> [Problem statement] Filter the entries for lines with the word "Railway".

Supplied material Start Marker

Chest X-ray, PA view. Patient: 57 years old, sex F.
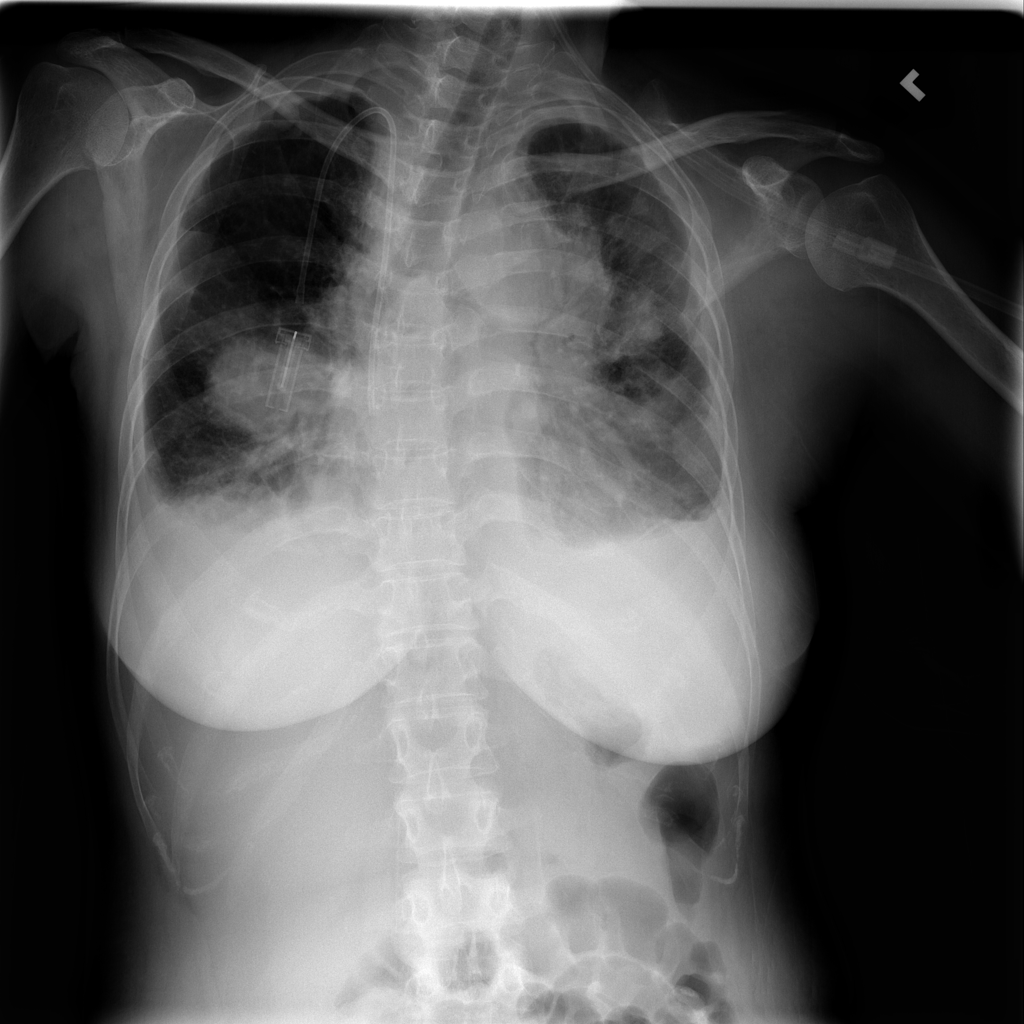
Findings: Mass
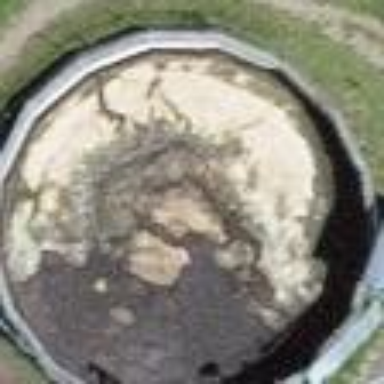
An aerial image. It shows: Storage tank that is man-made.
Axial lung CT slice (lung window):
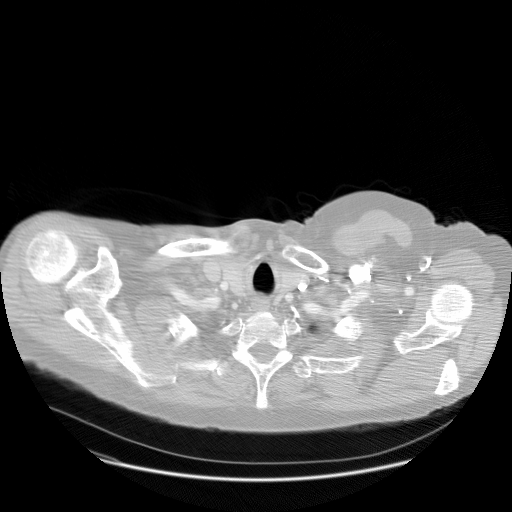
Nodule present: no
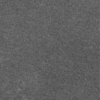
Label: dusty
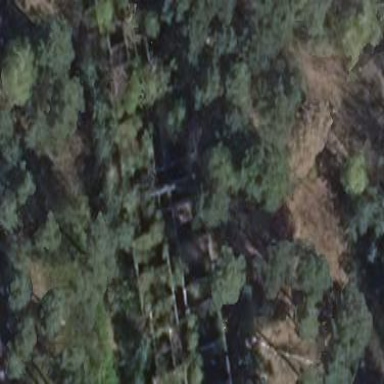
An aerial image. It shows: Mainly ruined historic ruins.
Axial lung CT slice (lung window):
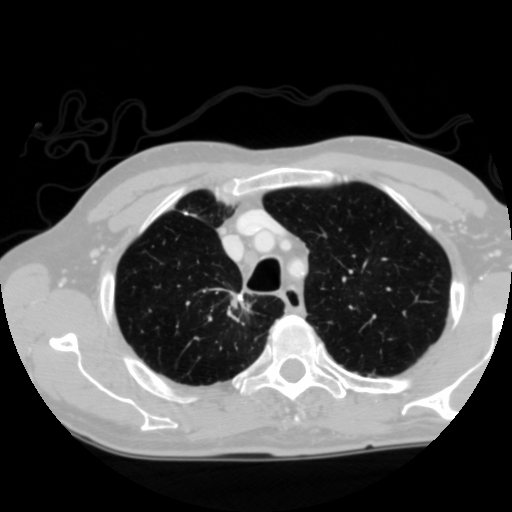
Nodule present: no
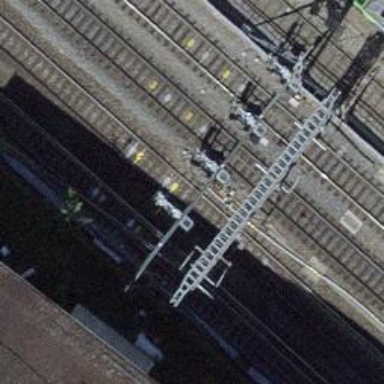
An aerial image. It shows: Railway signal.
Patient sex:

Supplied material End Marker
Supplied material Start Marker

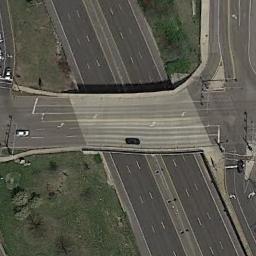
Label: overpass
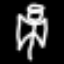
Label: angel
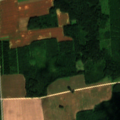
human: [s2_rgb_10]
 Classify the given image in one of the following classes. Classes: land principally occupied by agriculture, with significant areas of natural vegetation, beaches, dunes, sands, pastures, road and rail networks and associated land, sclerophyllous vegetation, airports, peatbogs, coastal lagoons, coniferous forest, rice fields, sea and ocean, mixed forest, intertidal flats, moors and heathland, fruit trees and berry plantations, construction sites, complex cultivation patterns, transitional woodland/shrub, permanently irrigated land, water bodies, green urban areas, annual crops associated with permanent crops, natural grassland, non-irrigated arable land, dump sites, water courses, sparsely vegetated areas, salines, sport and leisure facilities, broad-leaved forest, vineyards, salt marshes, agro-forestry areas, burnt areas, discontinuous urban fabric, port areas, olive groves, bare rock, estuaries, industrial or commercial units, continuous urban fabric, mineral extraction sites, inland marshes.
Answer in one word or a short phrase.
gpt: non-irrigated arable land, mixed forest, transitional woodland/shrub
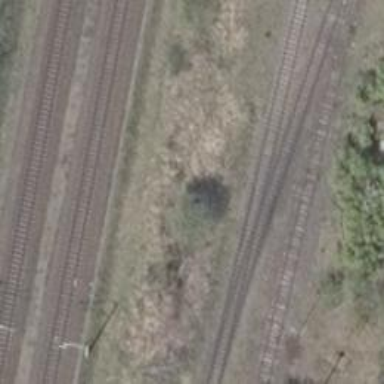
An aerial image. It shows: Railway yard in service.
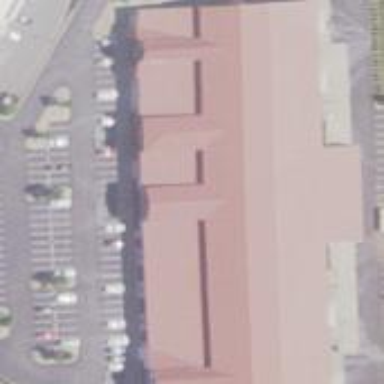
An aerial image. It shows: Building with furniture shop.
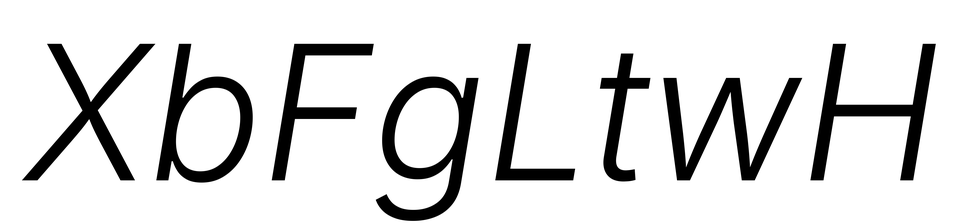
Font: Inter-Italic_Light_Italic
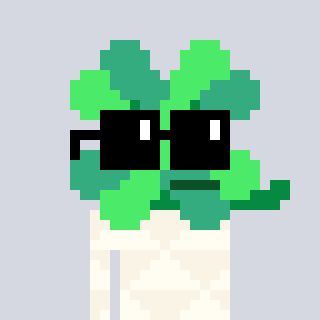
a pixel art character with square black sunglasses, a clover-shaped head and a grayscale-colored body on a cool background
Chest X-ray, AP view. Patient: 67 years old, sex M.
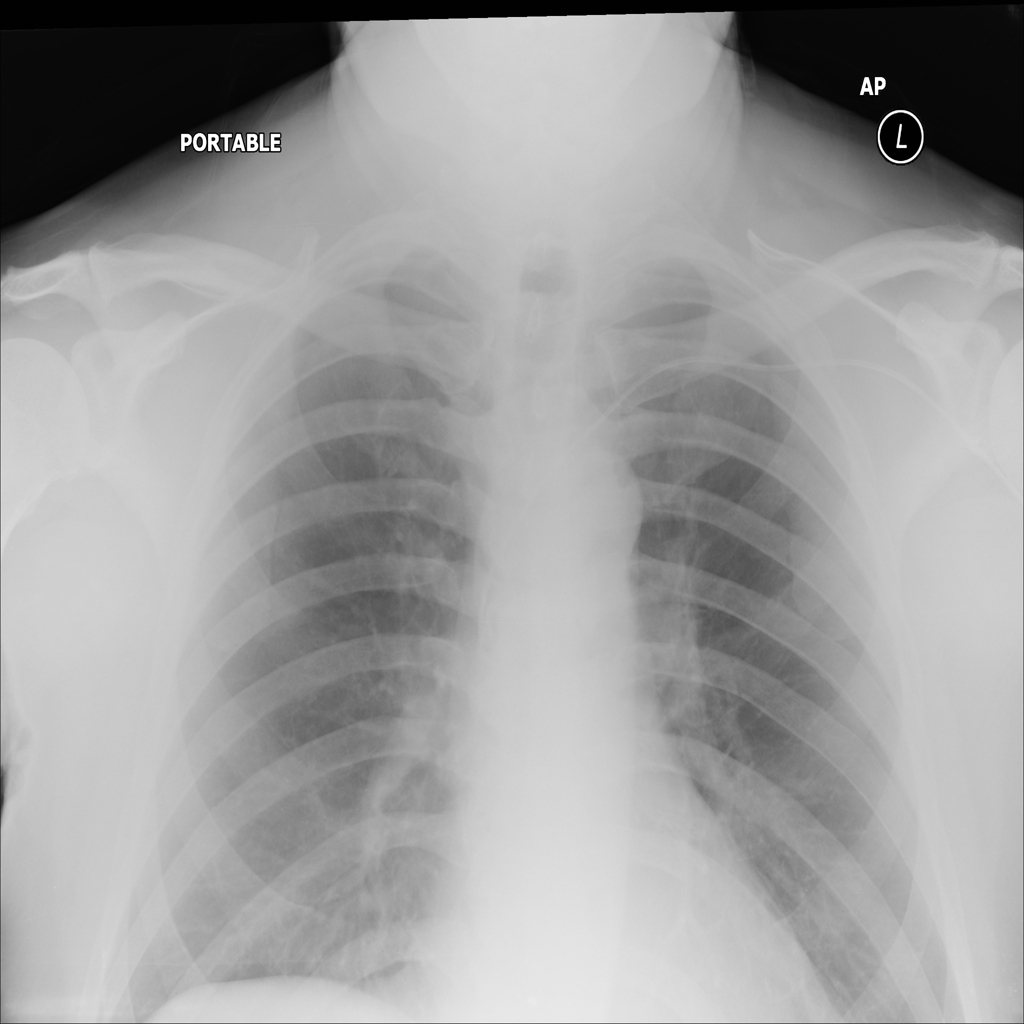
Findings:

Supplied material End Marker

> [Response]
An aerial image. It shows: Railway signal.
An aerial image. It shows: Railway yard in service.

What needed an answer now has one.